Менее чем через час у нас был ящик гвоздей.
На следующий день мы решили изменить технологию работы. Сколачивали
Все работы по этому цеху мы выполнили до окончания рабочего дня. Я дал бригаде отдохнуть, а сам отправился в контору.
Офанасов встретил вопросом:
— Завтра, к концу дня, сумеете закончить работы по цеху?
— Уже закончили.
— Как «закончили»? Не может быть! А я начальству обещал, не раньше чем завтра... Ну, молодцы!
— Мы-то молодцы, а как насчет трех зачетных дней для особо отличившихся?
— Готовь список!
Все, кого я включил в список, получили зачет — три дня за один день. Вот высшая награда в неволе и угнетении — одно обещание свободы, только мысленное приближение желанного мига освобождения. Этим манком пользовались постоянно — оказывается, как просто: лишить человека свободы, а там манить, манить этой призрачной узывностью, манить и затягивать удавку подчинения.

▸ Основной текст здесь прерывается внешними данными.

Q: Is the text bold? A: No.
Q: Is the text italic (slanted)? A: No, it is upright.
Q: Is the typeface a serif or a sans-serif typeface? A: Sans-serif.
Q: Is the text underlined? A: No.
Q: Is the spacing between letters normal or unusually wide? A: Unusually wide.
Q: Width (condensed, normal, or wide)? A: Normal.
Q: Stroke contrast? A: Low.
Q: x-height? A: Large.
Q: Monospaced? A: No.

Постепенно Цой стал моим верным помощником, но от бригадирства отказывался наотрез:
— Я не сука. Честной вор здесь командовать людьми не станет, — сказал он, как смазал мне по роже.
— А чего ж ты тогда на крышу полез? — воткнул я ему в отместку.
Теперь чесался он:
— Знаешь, интересно было посмотреть, как вы оттуда лететь будете.
— Ну, мог бы и снизу посмотреть...
Начальство не спешило отозвать меня обратно в контору, и я продолжал руководить участком. Понадобилось «опять срочно» усилить фундамент под оборудование. Бетон, целую машину, привезли с большим опозданием, к концу смены. Вывалили прямо на снег, у дороги. Бригада уже собралась идти в лагерь. Отложить укладку нельзя — бетон ждать не будет: застынет, окаменеет.
Я подозвал Цоя.
— Что будем делать?
— Отпускай бригаду, инженер, останутся четыре человека.
— Да разве вы четверо управитесь?
— Это не твоя забота. Бетон будет уложен. Или ты перестал мне верить?
Бригада ушла в лагерь. Цой разделся до пояса, трое остальных последовали его примеру. Только бегом, двое носилок, при морозе не меньше чем в тридцать градусов — с улицы в цех, без остановок. Это надо было видеть! Перевели дух только тогда, когда весь бетон был уложен в опалубку. На завтра я дал им полдня отдыха. Получилось так, что как раз назавтра Офанасов решил проверить, как идет работа, и... И наткнулся на этих четверых. Устроившись в укромном уголке цеха, они, конечно, играли в карты. Офанасов стал на них кричать, обозвал негодяями, бездельниками. К нему подошел Цой и спокойно сказал:
— Не кричи, начальник. Нам разрешил инженер...
Офанасов не дал ему докончить, взорвался еще больше:
— Какой инженер? Я здесь начальник! Немедленно отправляйтесь на свое рабочее место!
— Вам же сказали, нам разрешили, — снова повторил Цой.
— Молчать! Жулье проклятое. Вон отсюда!
Цой схватил лопату и пошел на Офанасова; тот попятился к двери, выскочил на улицу и побежал прочь. Все повторилось так же,
Скоро из конторы за мной прибежал посыльный. Офанасов набросился на меня:
— Безобразие! Превратил участок в бандитский притон!..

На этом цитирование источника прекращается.